Скрип сапог раздавался резко, как звон двуручной пилы.
— Рассказать о какой-нибудь интересной, особо запомнившейся встрече?.. Так-так-так…
Собеседник произнес это задумчиво, как бы разговаривая сам с собой. Высокий, тяжеловесный и в то же время какой-то весь собранный, с голым, чисто выбритым черепом, он остановился около одного из окон и отбросил штору.
Черная, густая тьма прильнула к стеклу. На ее фоне, как на старой китайской гравюре, мерцали причудливые контуры сказочного леса, выгравированные морозом.
Стрелка на стенных часах медленно шла по кругу. Казалось, хозяин кабинета, стоя у окна, думает о чем-то своем, очень далеком от заданного ему вопроса.
Вдруг он резко отвернулся от окна:
— Хорошо. Я расскажу, пожалуй, один такой случай… Только не удивляйтесь, случай будничный и даже к нашим делам прямого отношения не имеет. Садитесь, а я буду ходить. Так, на ногах, лучше отдыхается…
Так вот, произошло это в моем кабинете. Народу ко мне ходит много. И вот как-то, в начале лета, предстал передо мной какой-то молодой человек. Вошел и говорит: «Я к вам с жалобой на непорядки в вашем управлении». Произнес он это тихо, вежливо, но почему-то я понял, что в нем все кипит и что он, должно быть, все силы напрягает, чтобы не сорваться… Пригляделся. Лицо крупное, некрасивое, но привлекательное — юношеской чистотой своей, что ли. Глаза сердитые, на щеках румянец пятнами, скулы так-и ходят. Очень он мне вдруг почему-то сына моего, Борьку, напомнил, который погиб где-то в этих краях в сорок втором году.
«Что ж, говорю, садитесь, молодой человек, выкладывайте, чем наше управление вам не угодило». Бросил на меня сердитый взгляд. «Вы, говорит, товарищ начальник стройки, пожалуйста, не улыбайтесь. Я пришел заявить, что набором кадров ведают у вас сухие чиновники, деляги, плохо разбирающиеся в политике партии». Отвечаю ему совершенно искренне: «От вас, мол, первого такое слышу. Очень строгий, должно быть, вы человек». А надо вам сказать, что на кадрах сидят у нас люди толковые, опытные. Говорю ему: «Переходите, товарищ, к фактам. Чем это наши кадровики в ваших глазах так себя уронили?»
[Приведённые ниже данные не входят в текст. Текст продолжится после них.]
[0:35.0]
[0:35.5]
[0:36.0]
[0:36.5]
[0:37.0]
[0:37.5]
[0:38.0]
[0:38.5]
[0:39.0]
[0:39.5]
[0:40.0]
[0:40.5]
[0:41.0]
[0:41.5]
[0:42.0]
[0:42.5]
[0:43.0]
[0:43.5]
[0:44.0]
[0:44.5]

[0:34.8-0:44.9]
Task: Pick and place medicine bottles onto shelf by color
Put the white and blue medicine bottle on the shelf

Он весь как вспыхнет: «Прошу оставить этот шутливый тон! Я пришел к вам по делу, и извольте слушать серьезно». Отчитал он меня таким образом и выкладывает жалобу. Оказывается, не приняли его на курсы экскаваторщиков. У него среднее образование, и ему предлагают идти на любые курсы: десятников, геодезистов, лаборантов, диспетчеров. А он в экскаваторщики — и только!
Выслушал я и отвечаю, что если он прав, то сухой и отсталый чиновник — это я сам, потому что именно я такой приказ и подписал. Он хмуро мне так: «Неверный приказ, отмените». Очень он был хорош этой своей юной настойчивостью, непосредственностью, верой в свою правоту. В искреннем негодовании было что-то подкупающее, и захотелось мне обязательно убедить его в моей правоте.
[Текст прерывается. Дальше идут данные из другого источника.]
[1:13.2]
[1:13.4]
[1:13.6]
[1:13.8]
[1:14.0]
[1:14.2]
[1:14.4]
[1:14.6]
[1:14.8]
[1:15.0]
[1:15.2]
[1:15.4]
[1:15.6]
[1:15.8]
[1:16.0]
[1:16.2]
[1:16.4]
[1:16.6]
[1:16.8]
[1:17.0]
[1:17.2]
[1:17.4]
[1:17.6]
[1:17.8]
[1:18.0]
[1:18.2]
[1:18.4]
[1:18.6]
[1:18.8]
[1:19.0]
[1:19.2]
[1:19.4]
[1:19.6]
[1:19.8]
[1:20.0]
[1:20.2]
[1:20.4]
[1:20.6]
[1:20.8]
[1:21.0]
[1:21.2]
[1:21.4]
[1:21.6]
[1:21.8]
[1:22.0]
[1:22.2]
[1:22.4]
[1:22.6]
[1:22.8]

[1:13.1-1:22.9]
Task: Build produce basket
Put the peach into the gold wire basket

Чуть не насильно усадил его в кресло и говорю: «Объясните подробно, почему приказ мой кажется вам неверным. На стройку стремитесь попасть не вы один — тысячи! Наша и моя лично обязанность — целесообразно, с большей пользой распределить людей, помочь им найти профессию. Тех, кто имеет аттестат зрелости, мы направляем туда, где их образование может им больше пригодиться». Слушал он меня, слушал, да как вскочит: В глазах торжество, какое иной раз увидишь у задорного охотника, когда ему хитрую дичь удалось подстеречь.
«У вас, говорит, передовая стройка, ведь так? Здесь столько техники, и такая техника, что существенные различия между умственным и физическим трудом тут у вас быстрее ликвидируются. Так? Я, говорит, уже побывал на объектах, видел машины. Разве у тех, кто на них работает, физический, а не умственный труд?» И, не давая мне возразить, продолжает: «Разве с ним сравнишь труд десятника! Труд в нашей стране — творчество, а творчество — это уже сфера ума, а не физической силы. Советую вам отменить свой приказ, и как можно скорее».
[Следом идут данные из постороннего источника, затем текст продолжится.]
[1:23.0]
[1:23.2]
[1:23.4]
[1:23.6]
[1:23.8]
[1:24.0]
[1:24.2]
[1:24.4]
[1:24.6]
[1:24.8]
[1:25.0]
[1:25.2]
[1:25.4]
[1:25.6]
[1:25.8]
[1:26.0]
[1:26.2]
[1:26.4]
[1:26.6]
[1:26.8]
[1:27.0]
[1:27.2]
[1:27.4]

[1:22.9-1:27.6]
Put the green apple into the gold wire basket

И все это говорилось с такой горячностью, с таким сознанием правоты, что и рассердиться-то на него было нельзя. Понравился он мне очень. Но ведь таких сотни. Признаюсь вам, больно мне было ему отказывать, и постарался я это сделать как можно мягче. Уважаю, мол, ваше стремление, но исключение для вас делать не считаю возможным.
Вскочил он, глянул на меня эдаким испепеляющим взглядом, выхватил из кармана красненькую коробочку, что-то оттуда вытащил и бряк мне о стекло стола! Это была золотая медаль. «Меня, говорит, с этим в университет без экзамена примут, а вы на курсы экскаваторщиков не пускаете. Ничего, говорит, я прав и своего добьюсь». Вышел и дверью хлопнул так, что штукатурка посыпалась.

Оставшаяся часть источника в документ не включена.